#### Exercise objective:
Each record is to be printed again exactly, though not its pictures.

:::::

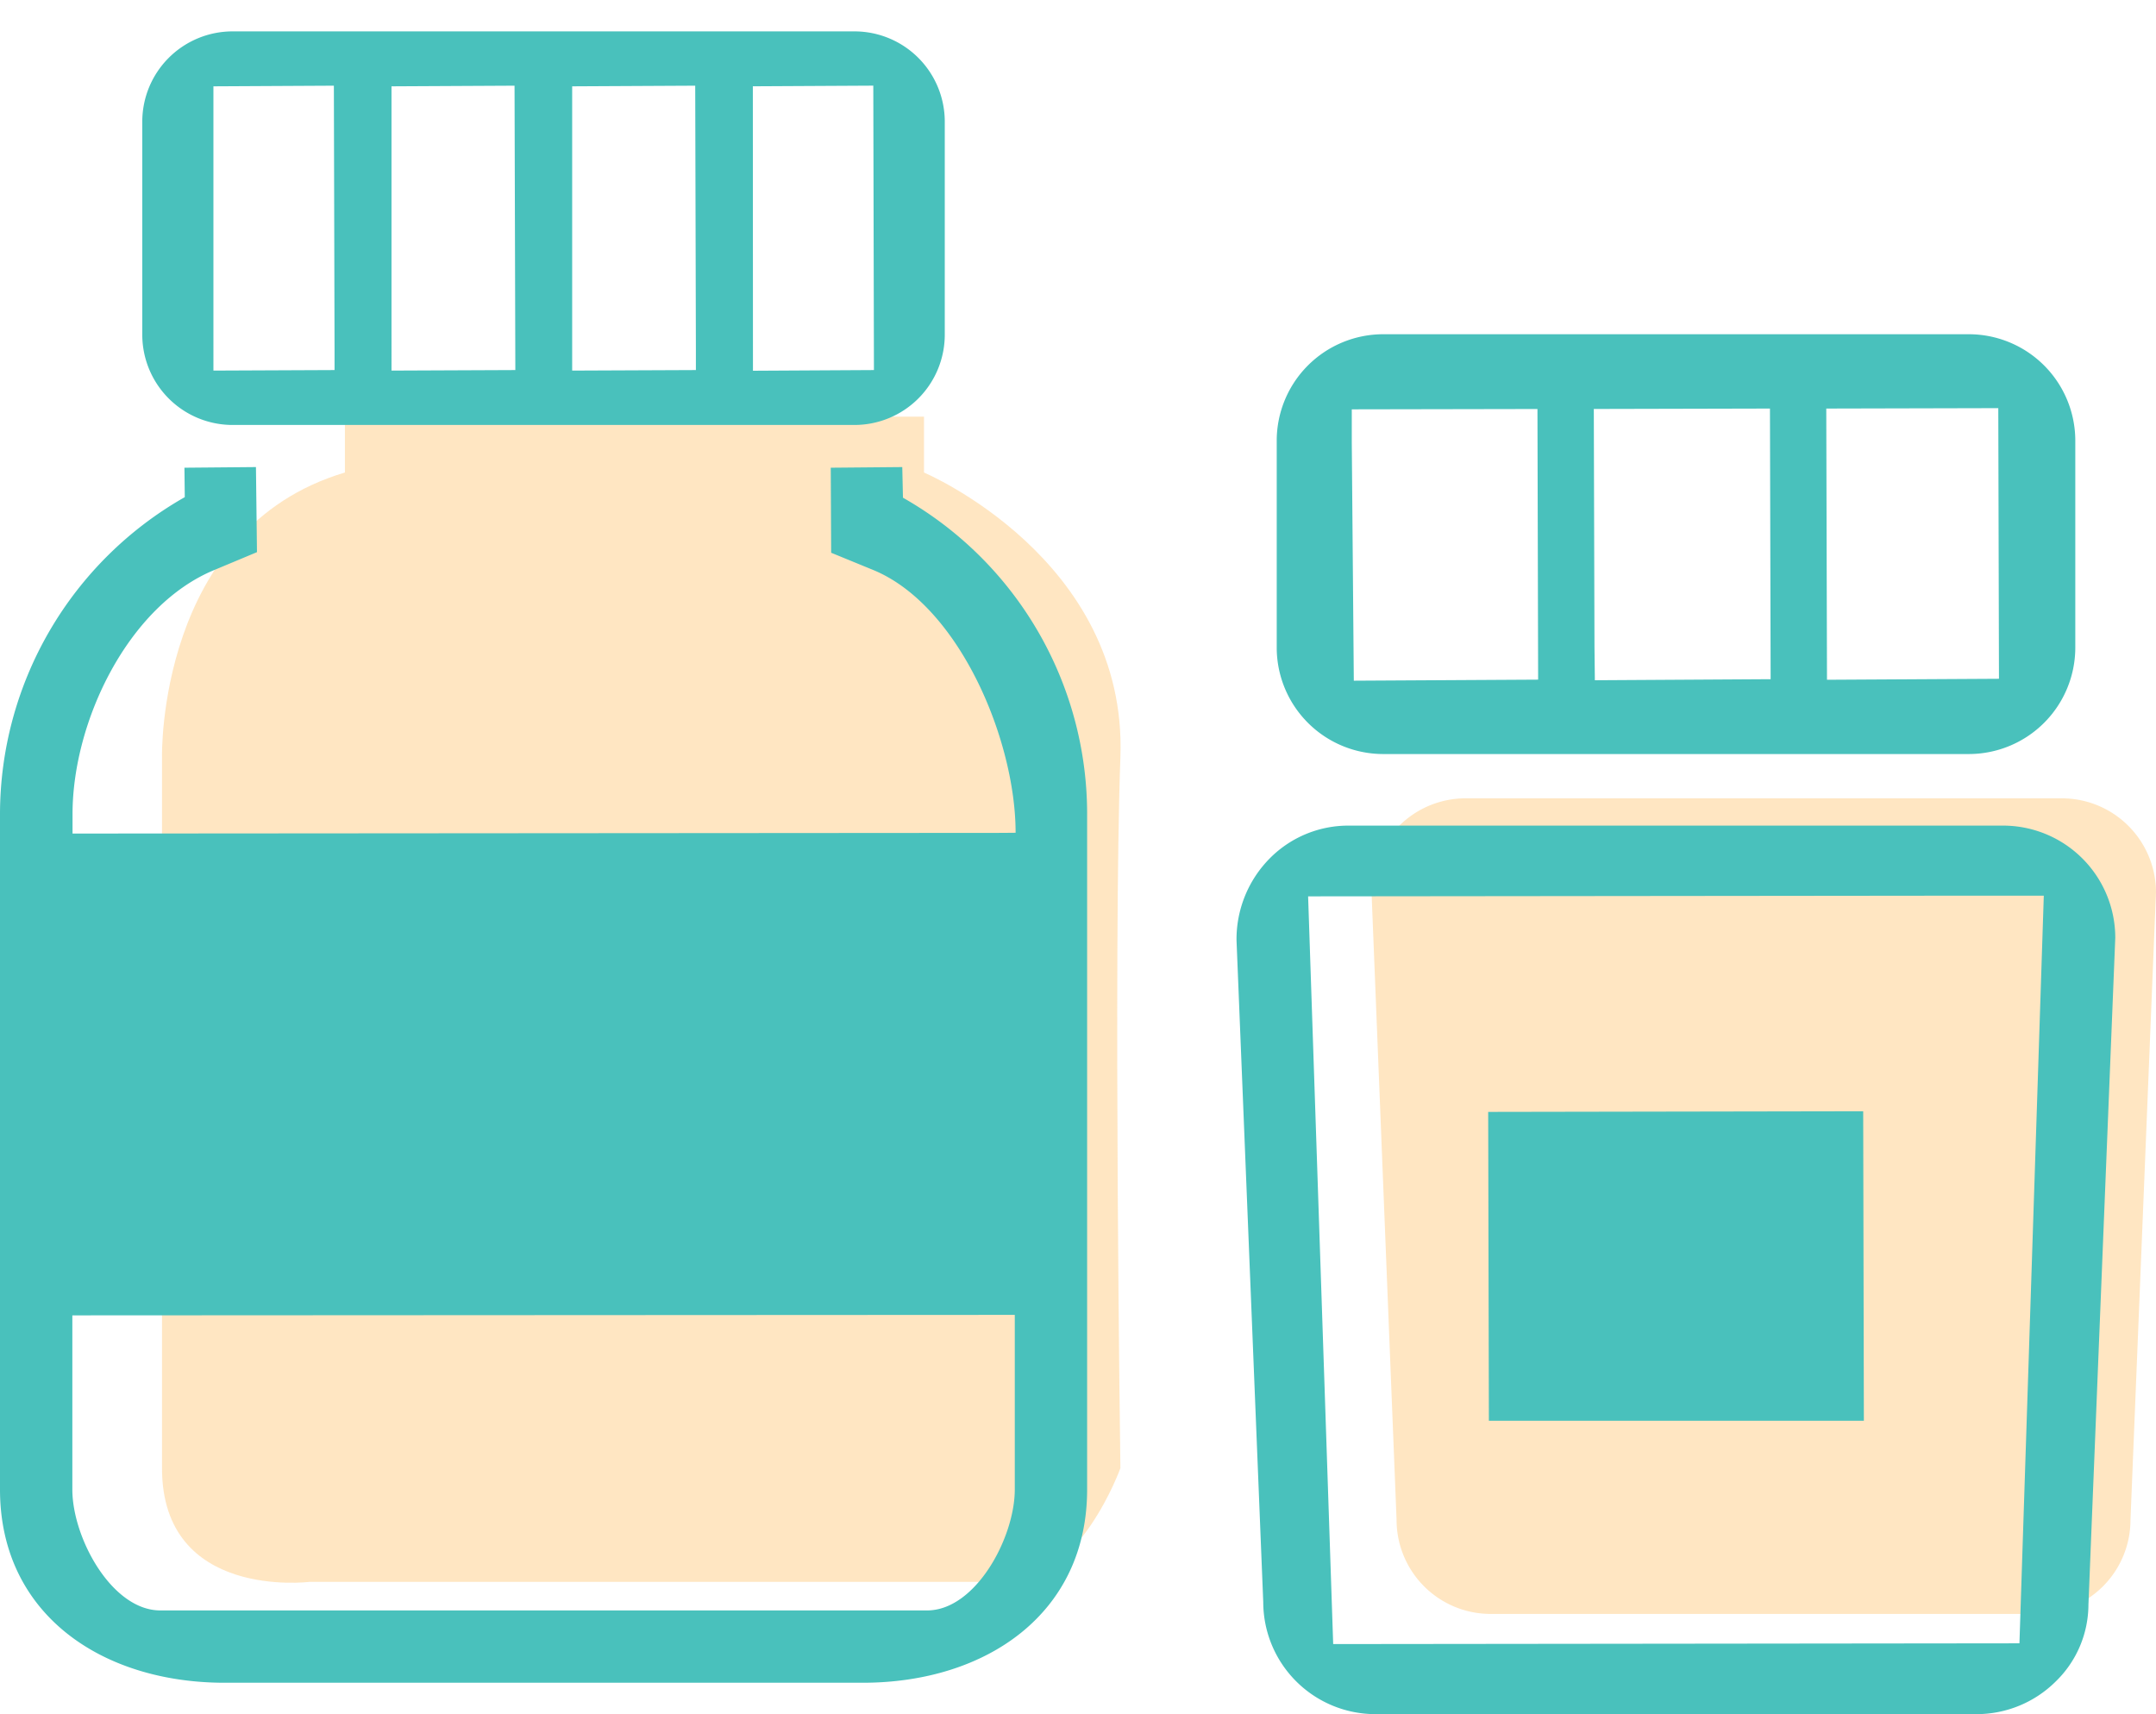 <svg xmlns="http://www.w3.org/2000/svg" xmlns:xlink="http://www.w3.org/1999/xlink" width="57.279" height="45.552" viewBox="0 0 57.279 45.552">
  <defs>
    <clipPath id="clip-path">
      <rect id="長方形_5400" data-name="長方形 5400" width="56.201" height="45.552" fill="#65b250"/>
    </clipPath>
  </defs>
  <g id="グループ_3525" data-name="グループ 3525" transform="translate(-684.293 -563.553)">
    <path id="パス_50488" data-name="パス 50488" d="M691.315,579.024H706.7v1.485s5.408,2.288,5.218,7.558,0,18.9,0,18.9-1.085,3.022-3.022,3.022H690.37s-3.914.49-3.914-3.022v-18.9s-.135-6.074,4.859-7.558Z" transform="translate(2.141 -4.399)" fill="#ffb84d" opacity="0.34"/>
    <path id="パス_50489" data-name="パス 50489" d="M2.5,0h15.84a2.5,2.5,0,0,1,2.5,2.5l-.677,16.674a2.5,2.5,0,0,1-2.5,2.5H3.165a2.5,2.5,0,0,1-2.5-2.5L0,2.5A2.5,2.5,0,0,1,2.5,0Z" transform="translate(720.731 584.768)" fill="#ffb84d" opacity="0.34"/>
    <g id="グループ_3523" data-name="グループ 3523" transform="translate(684.293 563.553)">
      <g id="マスクグループ_3522" data-name="マスクグループ 3522" clip-path="url(#clip-path)">
        <path id="パス_50483" data-name="パス 50483" d="M80.08,31.381h15.56a2.831,2.831,0,0,0,2.828-2.828v-5.5a2.831,2.831,0,0,0-2.828-2.828H80.08a2.831,2.831,0,0,0-2.828,2.828v5.5a2.831,2.831,0,0,0,2.828,2.828M79.3,29.432,79.246,23.1v-.879l4.933-.009.018,7.192Zm6.394-.89-.018-6.331,4.68-.011.018,7.192-4.67.028Zm10.728-6.353.018,7.142v.05l-4.561.026h-.008L91.852,22.2Z" transform="translate(-43.333 -11.343)" fill="#49c1bc"/>
        <path id="パス_50484" data-name="パス 50484" d="M95.195,49.97H77.8a2.933,2.933,0,0,0-2.089.866,3.056,3.056,0,0,0-.888,2.182l.71,17.586a2.982,2.982,0,0,0,2.979,2.978H94.484a2.982,2.982,0,0,0,2.1-.865,2.856,2.856,0,0,0,.872-2.045l.713-17.723a2.982,2.982,0,0,0-2.978-2.979m-17.8,21.75-.666-19.87L93.9,51.832H96.27L95.623,71.7Z" transform="translate(-41.972 -28.03)" fill="#49c1bc"/>
        <path id="パス_50485" data-name="パス 50485" d="M23.989,29.084l-.018-.814-1.9.017.011,2.26,1.11.455c2.292.94,3.79,4.519,3.79,6.986l-2.347.021,2.347-.018-25.055.018V37.49c0-2.464,1.481-5.544,3.772-6.487l1.128-.472L6.8,28.27l-1.9.017.009.782A9.7,9.7,0,0,0,0,37.49v17.95c0,3.292,2.678,5.136,5.97,5.136H22.919c3.288,0,5.963-1.845,5.963-5.136V37.49a9.665,9.665,0,0,0-4.893-8.406M26.96,55.439c0,1.289-1.045,3.215-2.329,3.215H4.259c-1.289,0-2.337-1.927-2.337-3.215V50.813L26.96,50.8Z" transform="translate(0 -15.858)" fill="#49c1bc"/>
        <path id="パス_50486" data-name="パス 50486" d="M11,11.459H27.537A2.4,2.4,0,0,0,29.93,9.066V3.393A2.4,2.4,0,0,0,27.537,1H11A2.4,2.4,0,0,0,8.61,3.393V9.066A2.4,2.4,0,0,0,11,11.459m13.831-9,3.2-.017L28.048,10l-3.214.018Zm-4.8,7.555V2.46L23.3,2.443l.018,7.034V10Zm-4.8,0V2.46L18.5,2.443,18.521,10Zm-4.731,0V2.46l3.2-.017.018,7.034V10Z" transform="translate(-4.83 -0.166)" fill="#49c1bc"/>
        <path id="パス_50487" data-name="パス 50487" d="M100.01,67.276h0v-.017l-9.963.017.018,8.108v.1h9.963l-.018-8.2Z" transform="translate(-50.51 -37.728)" fill="#49c1bc"/>
      </g>
    </g>
  </g>
</svg>

:::::

#### Result:
 <svg xmlns="http://www.w3.org/2000/svg" xmlns:xlink="http://www.w3.org/1999/xlink" width="57.279" height="45.552" viewBox="0 0 57.279 45.552">
  <defs>
    <clipPath id="clip-path">
      <rect id="長方形_5400" data-name="長方形 5400" width="56.201" height="45.552" fill="#65b250"/>
    </clipPath>
  </defs>
  <g id="グループ_3525" data-name="グループ 3525" transform="translate(-684.293 -563.553)">
    <path id="パス_50488" data-name="パス 50488" d="M691.315,579.024H706.7v1.485s5.408,2.288,5.218,7.558,0,18.9,0,18.9-1.085,3.022-3.022,3.022H690.37s-3.914.49-3.914-3.022v-18.9s-.135-6.074,4.859-7.558Z" transform="translate(2.141 -4.399)" fill="#ffb84d" opacity="0.34"/>
    <path id="パス_50489" data-name="パス 50489" d="M2.5,0h15.84a2.5,2.5,0,0,1,2.5,2.5l-.677,16.674a2.5,2.5,0,0,1-2.5,2.5H3.165a2.5,2.5,0,0,1-2.5-2.5L0,2.5A2.5,2.5,0,0,1,2.5,0Z" transform="translate(720.731 584.768)" fill="#ffb84d" opacity="0.34"/>
    <g id="グループ_3523" data-name="グループ 3523" transform="translate(684.293 563.553)">
      <g id="マスクグループ_3522" data-name="マスクグループ 3522" clip-path="url(#clip-path)">
        <path id="パス_50483" data-name="パス 50483" d="M80.08,31.381h15.56a2.831,2.831,0,0,0,2.828-2.828v-5.5a2.831,2.831,0,0,0-2.828-2.828H80.08a2.831,2.831,0,0,0-2.828,2.828v5.5a2.831,2.831,0,0,0,2.828,2.828M79.3,29.432,79.246,23.1v-.879l4.933-.009.018,7.192Zm6.394-.89-.018-6.331,4.68-.011.018,7.192-4.67.028Zm10.728-6.353.018,7.142v.05l-4.561.026h-.008L91.852,22.2Z" transform="translate(-43.333 -11.343)" fill="#49c1bc"/>
        <path id="パス_50484" data-name="パス 50484" d="M95.195,49.97H77.8a2.933,2.933,0,0,0-2.089.866,3.056,3.056,0,0,0-.888,2.182l.71,17.586a2.982,2.982,0,0,0,2.979,2.978H94.484a2.982,2.982,0,0,0,2.1-.865,2.856,2.856,0,0,0,.872-2.045l.713-17.723a2.982,2.982,0,0,0-2.978-2.979m-17.8,21.75-.666-19.87L93.9,51.832H96.27L95.623,71.7Z" transform="translate(-41.972 -28.03)" fill="#49c1bc"/>
        <path id="パス_50485" data-name="パス 50485" d="M23.989,29.084l-.018-.814-1.9.017.011,2.26,1.11.455c2.292.94,3.79,4.519,3.79,6.986l-2.347.021,2.347-.018-25.055.018V37.49c0-2.464,1.481-5.544,3.772-6.487l1.128-.472L6.8,28.27l-1.9.017.009.782A9.7,9.7,0,0,0,0,37.49v17.95c0,3.292,2.678,5.136,5.97,5.136H22.919c3.288,0,5.963-1.845,5.963-5.136V37.49a9.665,9.665,0,0,0-4.893-8.406M26.96,55.439c0,1.289-1.045,3.215-2.329,3.215H4.259c-1.289,0-2.337-1.927-2.337-3.215V50.813L26.96,50.8Z" transform="translate(0 -15.858)" fill="#49c1bc"/>
        <path id="パス_50486" data-name="パス 50486" d="M11,11.459H27.537A2.4,2.4,0,0,0,29.93,9.066V3.393A2.4,2.4,0,0,0,27.537,1H11A2.4,2.4,0,0,0,8.61,3.393V9.066A2.4,2.4,0,0,0,11,11.459m13.831-9,3.2-.017L28.048,10l-3.214.018Zm-4.8,7.555V2.46L23.3,2.443l.018,7.034V10Zm-4.8,0V2.46L18.5,2.443,18.521,10Zm-4.731,0V2.46l3.2-.017.018,7.034V10Z" transform="translate(-4.83 -0.166)" fill="#49c1bc"/>
        <path id="パス_50487" data-name="パス 50487" d="M100.01,67.276h0v-.017l-9.963.017.018,8.108v.1h9.963l-.018-8.2Z" transform="translate(-50.51 -37.728)" fill="#49c1bc"/>
      </g>
    </g>
  </g>
</svg>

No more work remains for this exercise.